The following is a very loud brainstorming for a beginner
A custom library prepration protocol, which uses 3' poly T tail primer and 5' random primer to enrich for 3' ends. and then eventually adds the illumina adaptersat the the end...and performs a Illumina HTSEq single end sequencing... The rationale is that the group is not interested in splice variants but merely in quantification of the expression for differential analysis. (organism: mouse)
I was wondering what would be the pipeline that one would use... in this case!
The reads are of length 95 and I trim the barcodes and adapters away and a fine stretch of 35 bases usually when mapped using bowtie yields 70% total reads aligned to transcriptome.
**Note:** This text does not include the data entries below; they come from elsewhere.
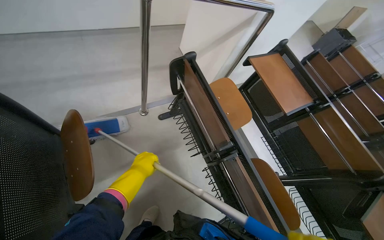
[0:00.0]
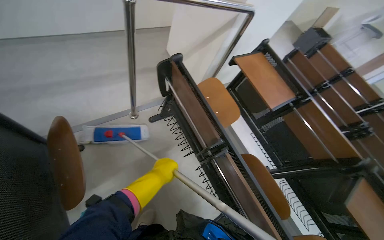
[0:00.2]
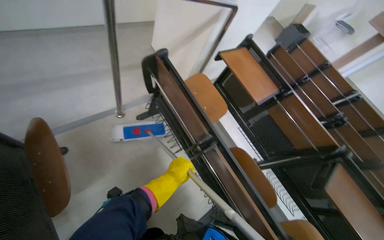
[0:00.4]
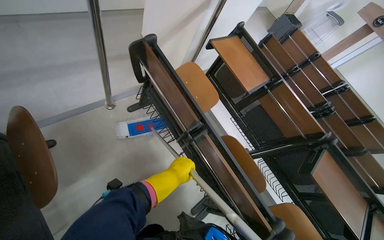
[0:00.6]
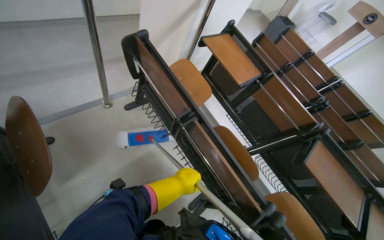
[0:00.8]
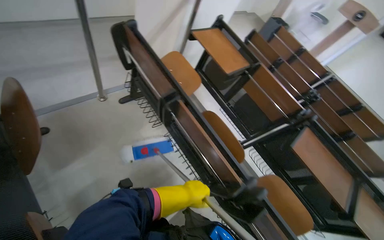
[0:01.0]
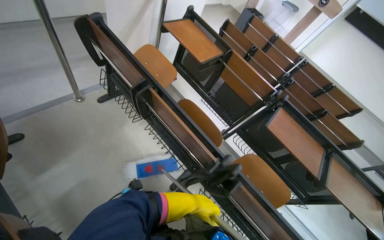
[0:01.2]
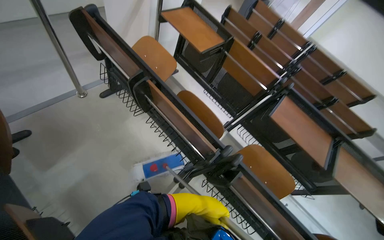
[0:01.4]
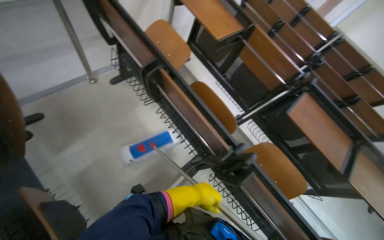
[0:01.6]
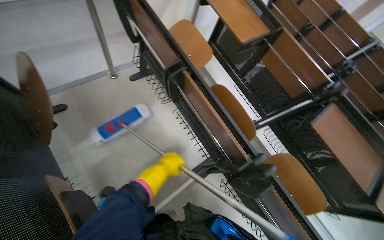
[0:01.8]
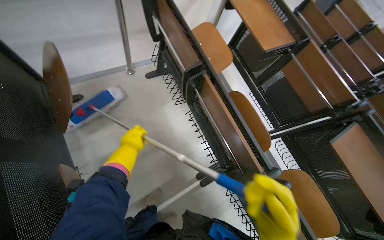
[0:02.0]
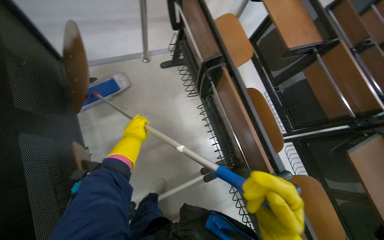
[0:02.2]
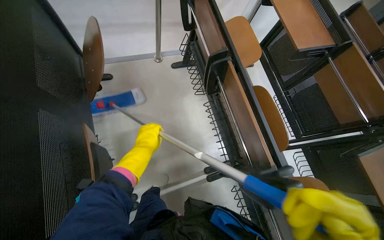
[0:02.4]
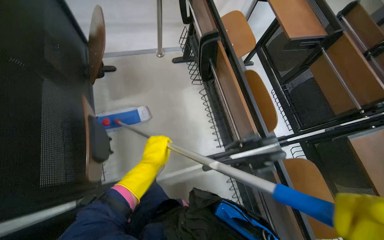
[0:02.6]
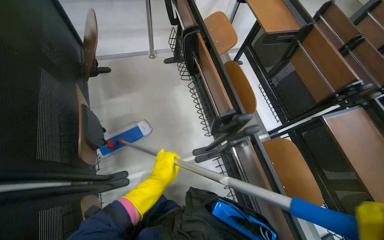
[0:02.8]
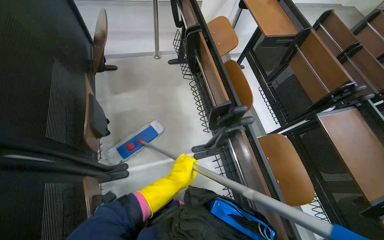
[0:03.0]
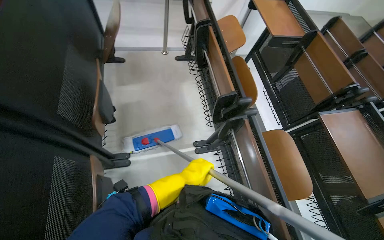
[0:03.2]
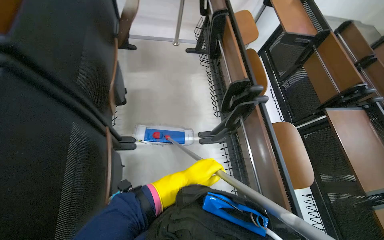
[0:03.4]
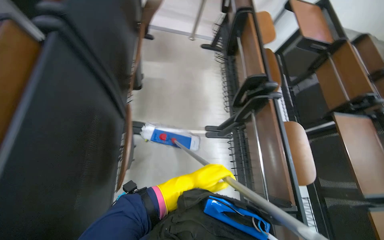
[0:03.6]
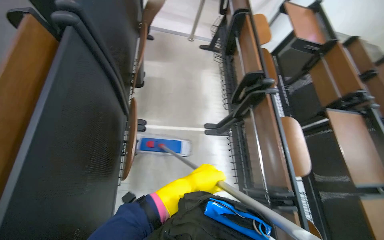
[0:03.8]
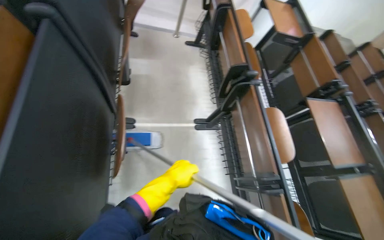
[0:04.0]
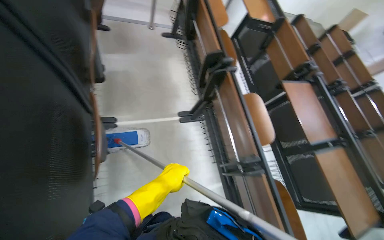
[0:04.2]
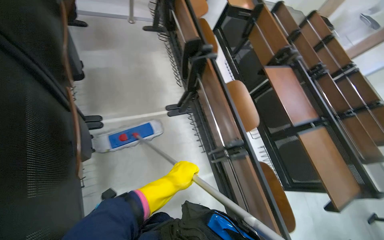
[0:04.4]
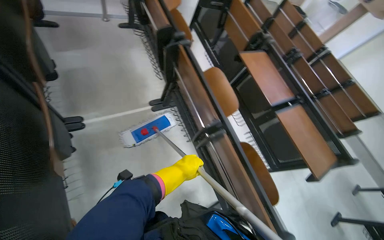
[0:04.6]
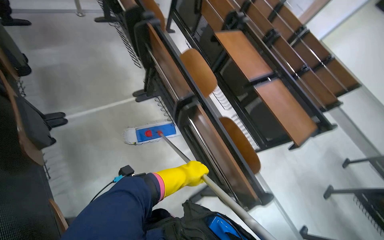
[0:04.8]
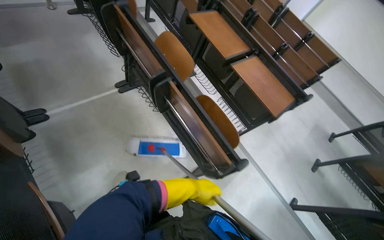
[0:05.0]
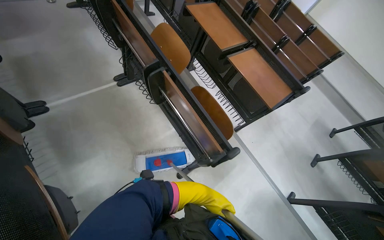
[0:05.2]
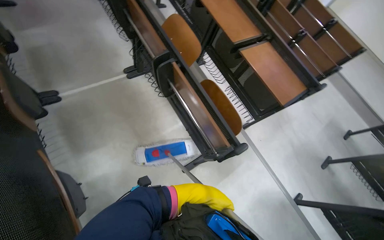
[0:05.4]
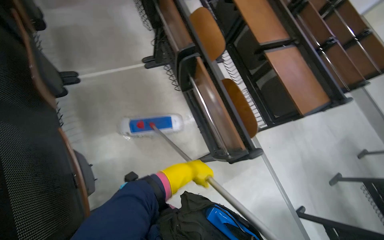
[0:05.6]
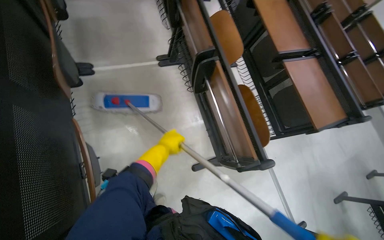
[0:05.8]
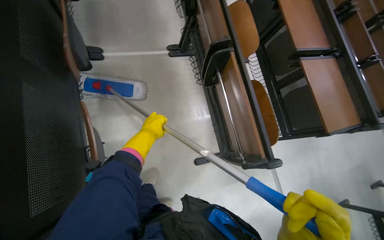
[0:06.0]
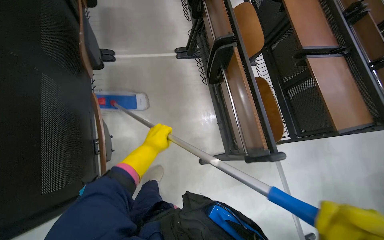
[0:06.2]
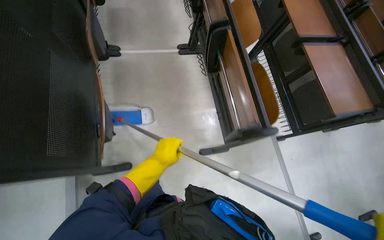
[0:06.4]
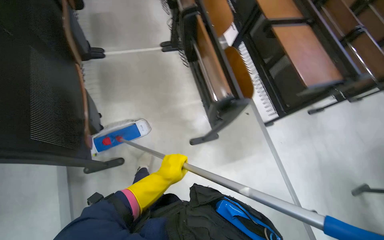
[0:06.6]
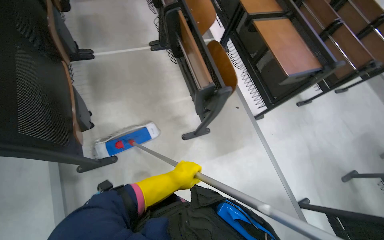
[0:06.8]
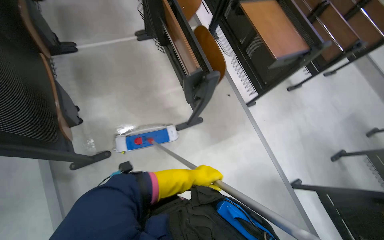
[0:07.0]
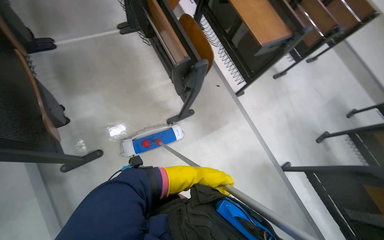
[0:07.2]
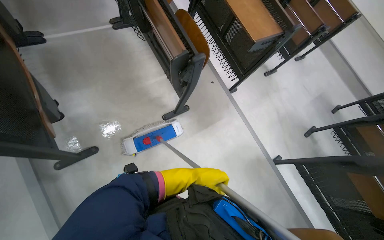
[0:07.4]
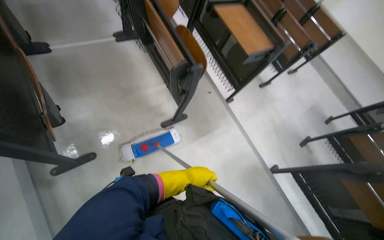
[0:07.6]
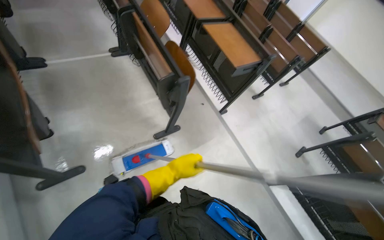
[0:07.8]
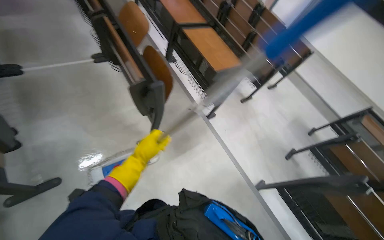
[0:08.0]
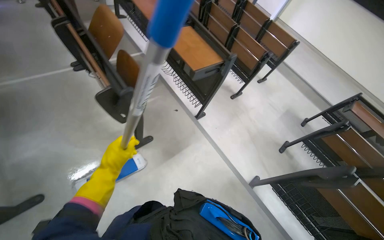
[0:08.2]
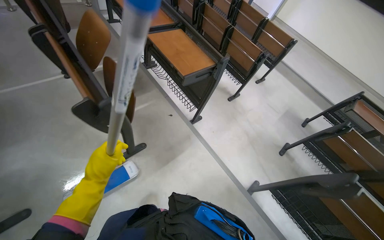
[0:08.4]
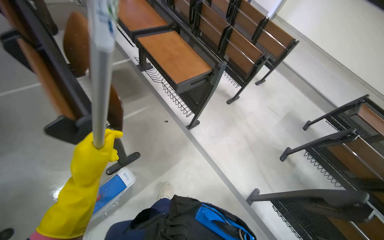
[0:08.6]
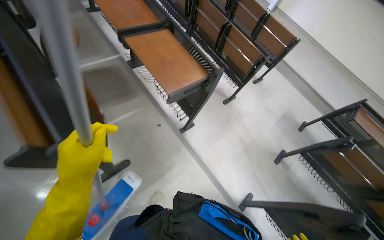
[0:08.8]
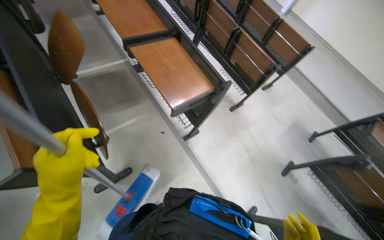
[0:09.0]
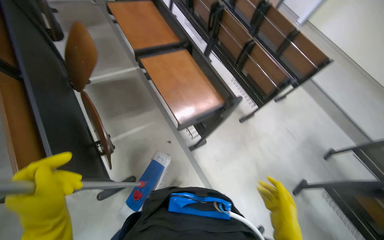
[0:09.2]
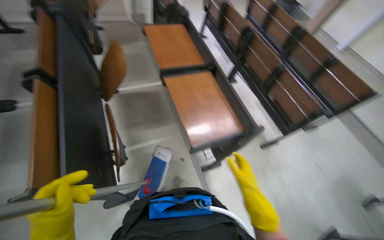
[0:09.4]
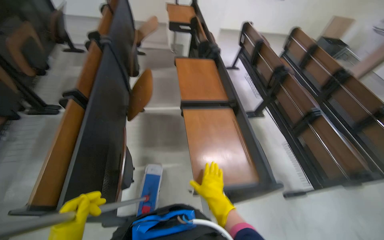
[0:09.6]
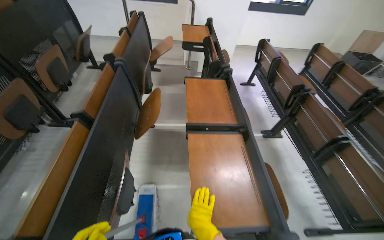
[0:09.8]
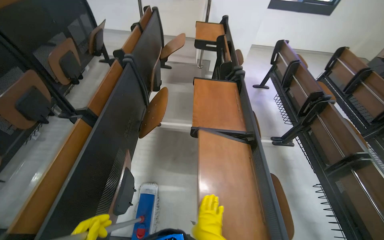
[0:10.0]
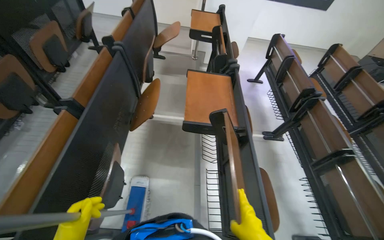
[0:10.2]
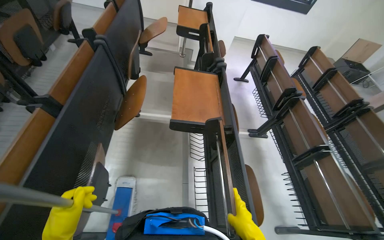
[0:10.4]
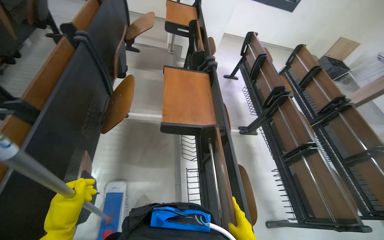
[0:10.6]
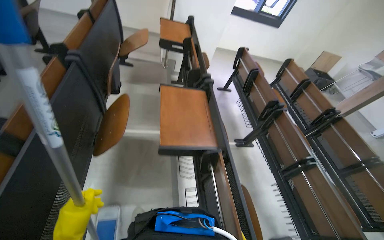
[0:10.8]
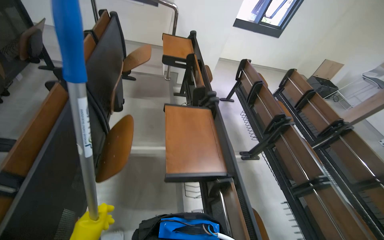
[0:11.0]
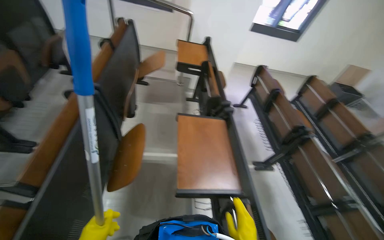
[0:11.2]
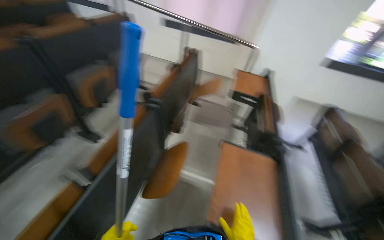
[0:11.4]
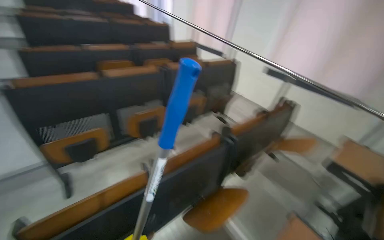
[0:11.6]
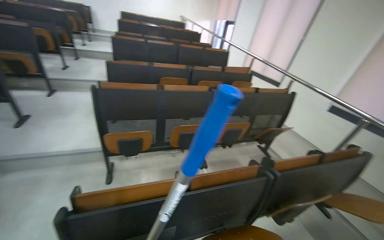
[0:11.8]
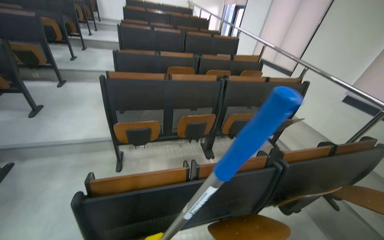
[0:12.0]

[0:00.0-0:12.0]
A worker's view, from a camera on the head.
Job: mopping floor.
The whole recording: Cleaning lecture hall. The worker cleans the lecture hall by mopping the floor and walls, and wiping desks.
0:00.0 to 0:01.6: The left hand heads to the right and down the picture, covering some 60 cm.
0:01.6 to 0:03.0: The camera travels approximately 40 cm. The wearer's head swings approximately 25 degrees to the left.
0:03.0 to 0:04.4: The left hand shifts roughly 25 cm nearer to the camera.
0:06.0 to 0:07.6: The head travels roughly 50 cm.
0:07.6 to 0:09.0: The camera travels about 70 cm.
0:09.0 to 0:10.4: The head travels roughly 40 cm. The head turns to the left by roughly 35 degrees. The view tilts roughly 15 degrees upward.
0:10.4 to 0:12.0: The wearer looks roughly 75 degrees further to the left. The view tips upward by some 30 degrees.

bowtie -v 3 --best -t ~/RNAseq/RefLibIndex/mouse -p 10 -f <inputfile.fasta> <output.map>
My output file contains entries in the following format with refseqID.
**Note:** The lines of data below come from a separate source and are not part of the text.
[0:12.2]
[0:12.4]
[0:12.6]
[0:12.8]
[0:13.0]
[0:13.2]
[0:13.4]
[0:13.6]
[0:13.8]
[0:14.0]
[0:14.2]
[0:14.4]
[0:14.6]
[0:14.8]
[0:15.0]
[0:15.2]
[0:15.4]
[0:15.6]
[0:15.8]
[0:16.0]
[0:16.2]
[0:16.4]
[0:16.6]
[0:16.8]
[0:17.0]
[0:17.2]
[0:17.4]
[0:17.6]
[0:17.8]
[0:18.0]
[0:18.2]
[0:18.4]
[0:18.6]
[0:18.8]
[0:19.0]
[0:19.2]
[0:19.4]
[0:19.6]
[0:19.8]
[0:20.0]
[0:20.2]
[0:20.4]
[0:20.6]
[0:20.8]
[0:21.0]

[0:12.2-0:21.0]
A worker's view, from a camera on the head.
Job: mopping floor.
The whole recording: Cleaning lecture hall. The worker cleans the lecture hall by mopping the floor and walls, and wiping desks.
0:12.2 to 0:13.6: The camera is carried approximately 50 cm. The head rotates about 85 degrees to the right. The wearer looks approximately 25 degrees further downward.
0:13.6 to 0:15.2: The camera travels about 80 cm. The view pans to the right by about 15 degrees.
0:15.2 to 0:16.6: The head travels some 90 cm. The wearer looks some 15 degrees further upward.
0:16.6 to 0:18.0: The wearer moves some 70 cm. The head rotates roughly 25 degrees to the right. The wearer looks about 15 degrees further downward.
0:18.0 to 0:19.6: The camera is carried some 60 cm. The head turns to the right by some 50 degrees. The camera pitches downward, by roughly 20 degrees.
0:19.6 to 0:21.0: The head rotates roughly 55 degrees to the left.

After I extract the raw read counts thru a custome script from the bowtie output file and I map the refseqID to genesymbol and extract the average/max for each genesymbol as raw counts and perform DESeq differential analysis.
I would like to know:
- Is this approach valid, do u see any loop holes here?
- To visualise this data in a genome browser to check for 3' enrichment. However, I see that there is no chromosome or index information in the file. I tried to get some information Visualizing Bowtie Output In Genome Browser. However, i couldnt succeed at that... any suggestions will be great... something like the following for visualization.. This one uses IGV
- Is there any reason why only 70% is mapped to transcriptome, if so, do u think it is normal for this approach, do you think I should also try to align the sequences to genome?